Ricordiamo che, nel lungo periodo, il trend dei prezzi dei permessi EUA rimane rialzista anche grazie agli interventi equilibranti come la Riserva di Stabilità (misura UE che annualmente riduce l’offerta di permessi) e all’impegno della Commissione Europea verso obiettivi climatici come la carbon neutrality al 2050 e la carbon border tax. L’Unione Europea, specialmente dopo l’insediamento in Commissione della Presidentessa von der Leyen, rimane salda nella propria lotta al cambiamento climatico più di ogni altra istituzione sovranazionale al mondo.
Ed è qui che forse si chiude il cerchio: l’inaspettato coronavirus ha fatto sì scendere i prezzi, ma gli operatori più lungimiranti stanno già lavorando sulle loro aspettative per ‘il giorno dopo’, quando il cielo dovrebbe tornare ad essere sereno.

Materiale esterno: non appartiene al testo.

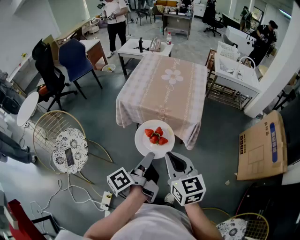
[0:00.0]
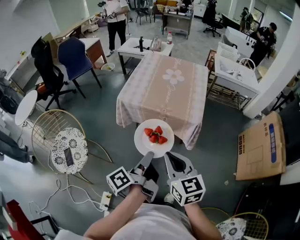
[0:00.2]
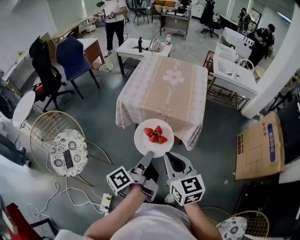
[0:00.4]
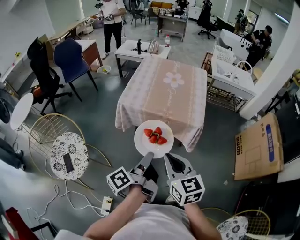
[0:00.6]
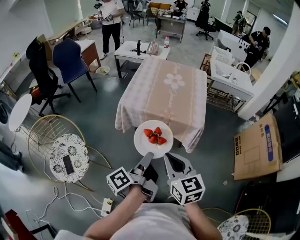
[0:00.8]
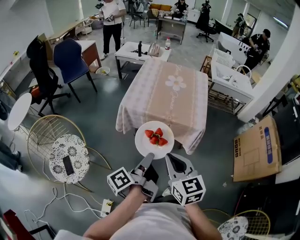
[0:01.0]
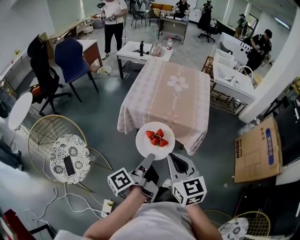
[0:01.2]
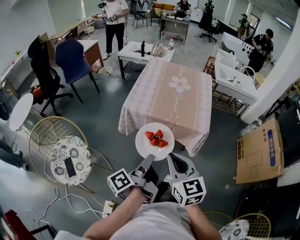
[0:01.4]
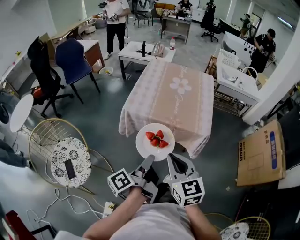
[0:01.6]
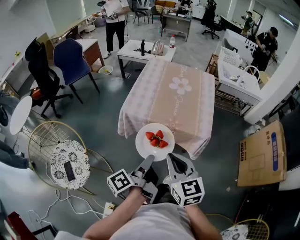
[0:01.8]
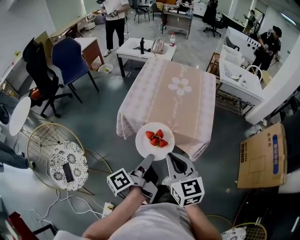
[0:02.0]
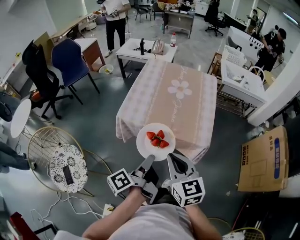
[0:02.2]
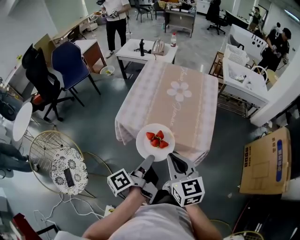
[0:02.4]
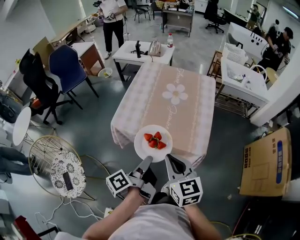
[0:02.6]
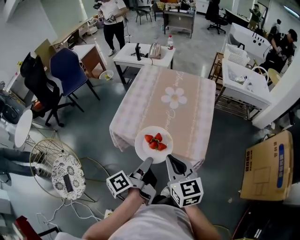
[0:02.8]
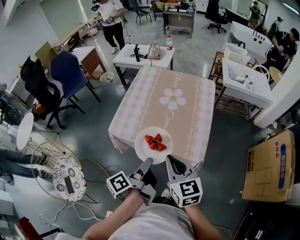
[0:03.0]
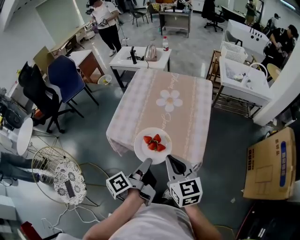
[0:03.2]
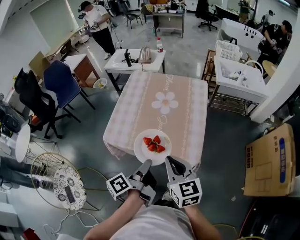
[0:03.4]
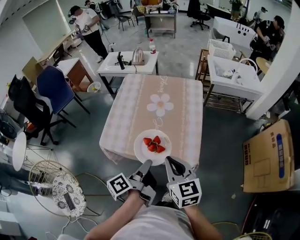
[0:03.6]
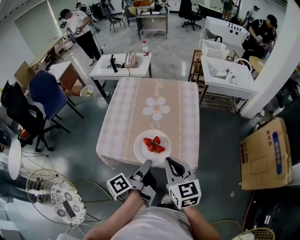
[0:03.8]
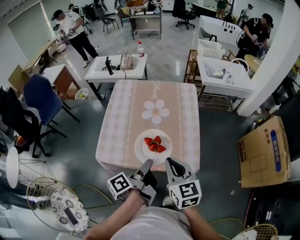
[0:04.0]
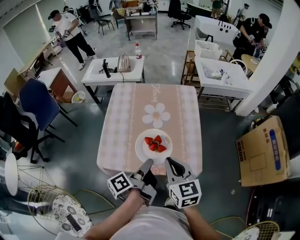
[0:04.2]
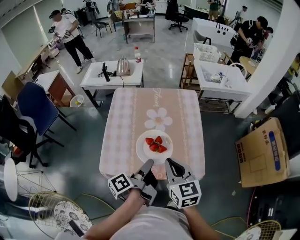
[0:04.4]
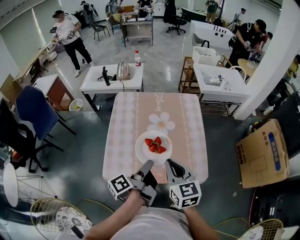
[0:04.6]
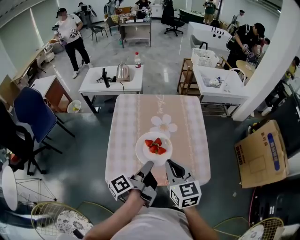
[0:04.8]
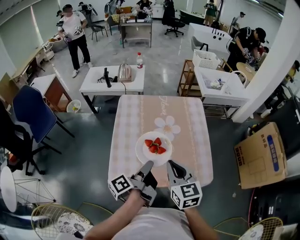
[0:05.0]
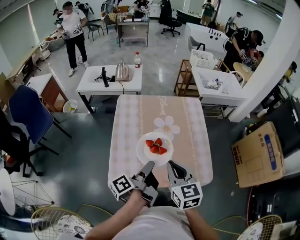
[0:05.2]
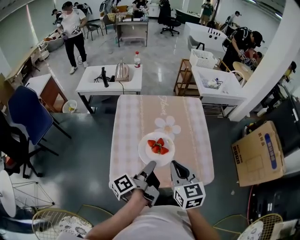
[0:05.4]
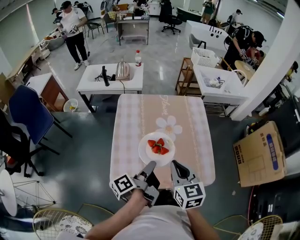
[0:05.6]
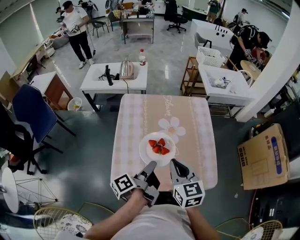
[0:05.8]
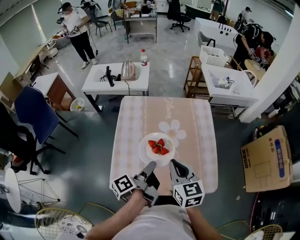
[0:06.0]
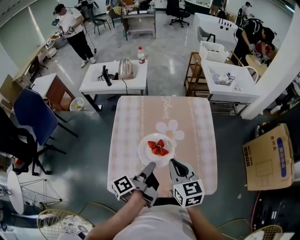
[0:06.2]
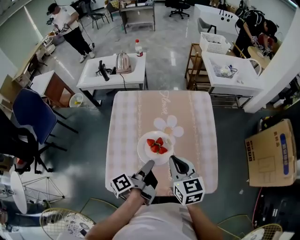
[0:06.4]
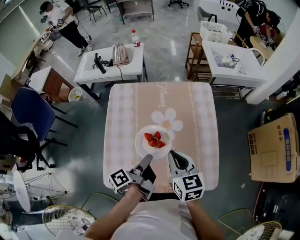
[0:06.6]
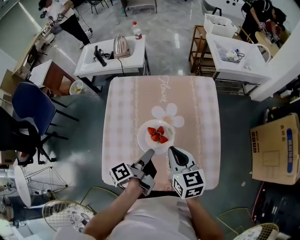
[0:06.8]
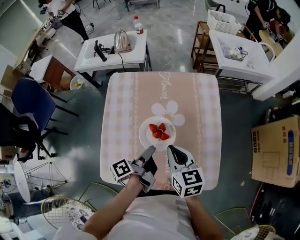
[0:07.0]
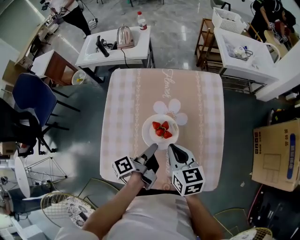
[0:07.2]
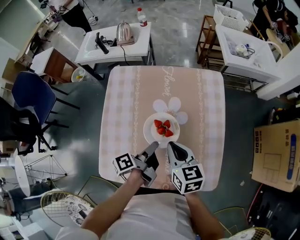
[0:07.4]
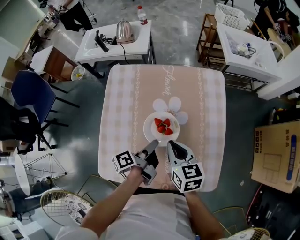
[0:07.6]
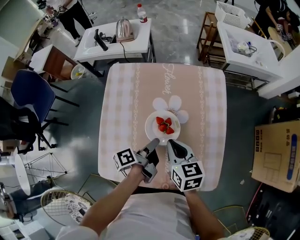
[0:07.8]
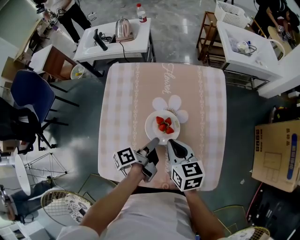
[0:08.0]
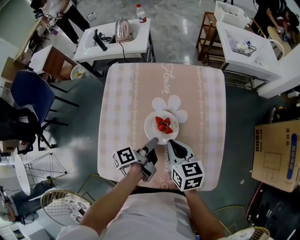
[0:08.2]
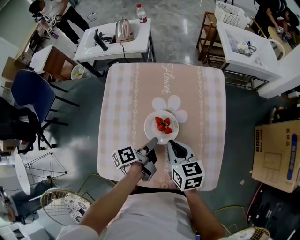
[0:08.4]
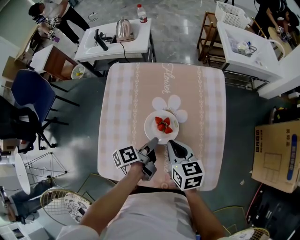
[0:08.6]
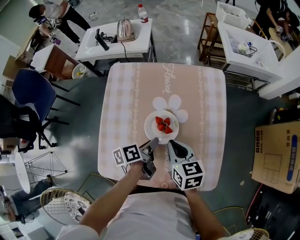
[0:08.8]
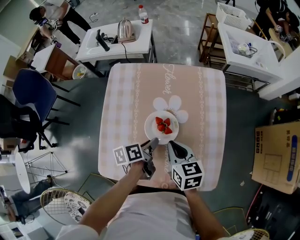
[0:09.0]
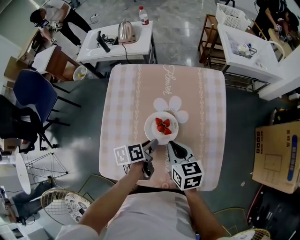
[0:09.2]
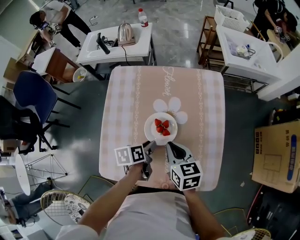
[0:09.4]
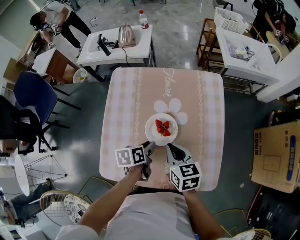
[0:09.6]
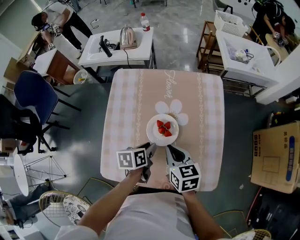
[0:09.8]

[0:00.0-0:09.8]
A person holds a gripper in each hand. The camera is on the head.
0.0 to 1.4 s: The right gripper changes place by approximately 10 cm.
1.4 to 2.8 s: The right gripper moves about 25 cm.
2.8 to 4.2 s: The right gripper shifts by approximately 15 cm.
4.2 to 5.6 s: The right gripper moves roughly 10 cm.
5.6 to 7.0 s: The right gripper moves roughly 15 cm.

Aggiornamento: In seguito agli sviluppi del weekend 6-8 marzo la giornata di lunedì ha fatto registrare pesanti perdite sulla borsa dei premessi di emissione. Nella mattinata del 9 marzo è stato violato il supporto sopra evidenziato e il prezzo su ICE si è spinto fino a toccare minimi a 22,33 €/ton. Si è trattato comunque di un movimento di breve durata: nel corso della sessione di lunedì le quotazioni hanno rapidamente recuperato e sono tornate a scambiare sopra al livello di equilibrio sopra evidenziato. La circostanza evidenzia il fatto che nell’infra-day il mercato appare estremamente volatile e che in questi giorni si sta giocando la battaglia tra le forze in gioco di brevissimo periodo e quelle di medio-lungo.